If I change my configured DNS servers in my lab FW to 1.1.1.1 or 8.8.8.8 and disabled the ones applied via DHCP, it seems to work (as of right now) and I see TCP DNS packets too for the DNSKEY part
-
@clesports you made no mention of pointing pfsense to any dns.. Out of the box pfsense RESOLVES.. the whole point of the +trace.
If your forwarding to something then no you shouldn't have dnssec checked. Where you forward either does dnssec for you, ie its a resolver or it doesn't.
If your not going to actually resolve with pfsense, then dnssec shouldn't be checked.
-
@johnpoz said in Certain domains failing in DNS Resolver/unbound:
@clesports you made no mention of pointing pfsense to any dns.. Out of the box pfsense RESOLVES.. the whole point of the +trace.
If your forwarding to something then no you shouldn't have dnssec checked. Where you forward either does dnssec for you, ie its a resolver or it doesn't.
If your not going to actually resolve with pfsense, then dnssec shouldn't be checked.
Ahh, that makes a big difference. In my initial post I did say I was doing DNS forwarding at the bottom of the post, but maybe it was missed:
I do have "Enable Forwarding Mode" checked on the DNS Resolver page under "DNS Query Forwarding". If it's disabled, no DNS lookups work at all. Even with that enabled, Twitter's t.co and others still don't work
I'll disable DNSSEC. I assume unbound in DNS Forwarding mode would still cache some results, and that's all that I'm looking to do since our Domain Controllers handle DNS records internally. I'm looking to point the DCs external requests to pfSense to take advantage of pfBlockerNG features.

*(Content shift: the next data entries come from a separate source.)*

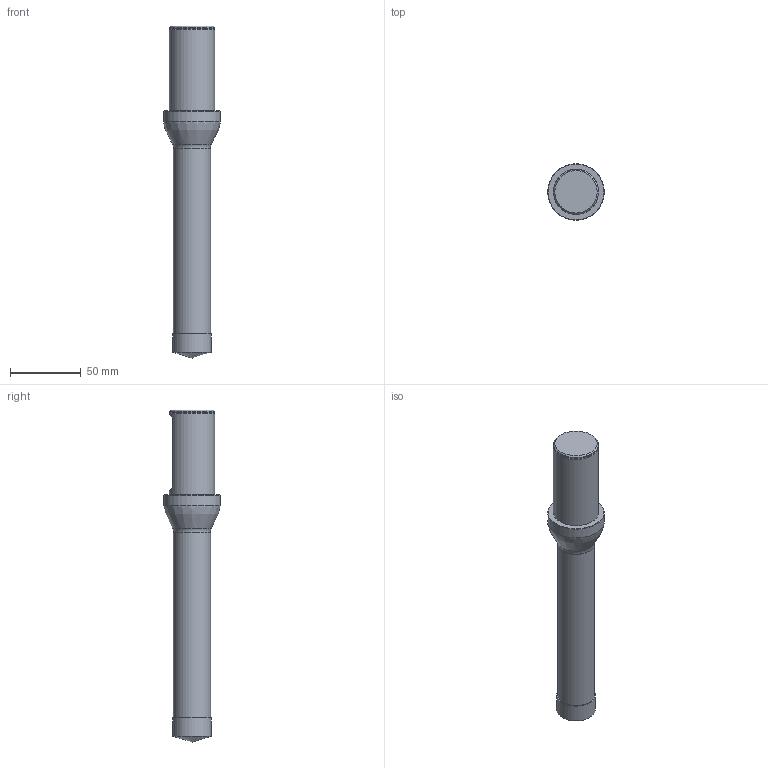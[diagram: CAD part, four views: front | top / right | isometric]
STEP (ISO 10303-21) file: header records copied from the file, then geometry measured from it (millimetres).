
FILE_DESCRIPTION(/* description */ (''),/* implementation_level */ '2;1');
FILE_NAME(/* name */ 'toolassembly_1.stp',/* time_stamp */ '2019-04-12T13:06:19+02:00',/* author */ (''),/* organization */ ('SMS'),/* preprocessor_version */ 'ST-DEVELOPER v15',/* originating_system */ 'SIEMENS PLM Software NX 8.5',/* authorisation */ '');
FILE_SCHEMA (('AUTOMOTIVE_DESIGN { 1 0 10303 214 3 1 1 1 }'));
Length unit declared in the file: millimetre
Products named in the file (4): ASSEMBLY_CONSTRUCTION; CUT_20190412130509; NOCUT_20190412130502; TOOLASSEMBLY_1
Assembly tree (3 placements, depth 2):
  TOOLASSEMBLY_1
    NOCUT_20190412130502
    CUT_20190412130509
    ASSEMBLY_CONSTRUCTION
Bounding box: 40 x 40 x 235 mm (x, y, z)
Volume: 154462.8 mm3; surface area: 24318.3 mm2
Topology: 2 solids, 2 shells, 24 faces, 45 edges, 31 vertices
Faces by surface type: cylinder 8, plane 7, cone 6, torus 2, revolution 1
Full cylindrical faces by diameter (mm): 6 x1, 26.4 x1, 27.5 x1, 31.992 x2, 40 x1
Entity records: 705 total; most frequent: CARTESIAN_POINT 130, DIRECTION 111, AXIS2_PLACEMENT_3D 53, ORIENTED_EDGE 50, EDGE_LOOP 42, FACE_BOUND 37, EDGE_CURVE 25, ADVANCED_FACE 24

Thank you for all your help John, I really do appreciate your knowledge and experience.
-
@clesports maybe I missed it - would of never had you do a trace if you forwarding. Forwarding is only helpful in troubleshooting a resolver.
If your forwarding - if you don't get an answer its the forwarder problem. or communication issue with the forwarder. What a trace shows is how resolver gets the answer.
dnssec is nothing but a problem if your forwarding - it shouldn't be checked. Either where you forward to is doing dnssec already, if not you asking for it doesn't do anything anyway other then wasted extra queries..
Makes sure if you have further questions with unbound, that you state in the beginning in forwarder mode - and where your actually forwarding too.. I looked over your first post again, and yeah you did say that. But its buried at the end after posts showing your attempt at lookup.
I assumed, my bad seems that Resolver/Unbound in the title that you were using default which is resolver..
If working for you now - all good, just took us longer to get to the problem.. Sorry about that.. if would of realized forwarding, prob could of gotten this straightened out in a couple of posts..
-
@johnpoz No problem, all water under the bridge. Maybe this lengthy thread will be help to someone in the future in regular Resolver mode.
I should have been more clear in my post too. I knew the DNS Forwarder was dnsmasq and wanted to make sure someone knew it was unbound instead. Next time I'll state it upfront which mode I'm running in.
I learned more abound unbound and some dig queries along the way which is always helpful. Thanks again!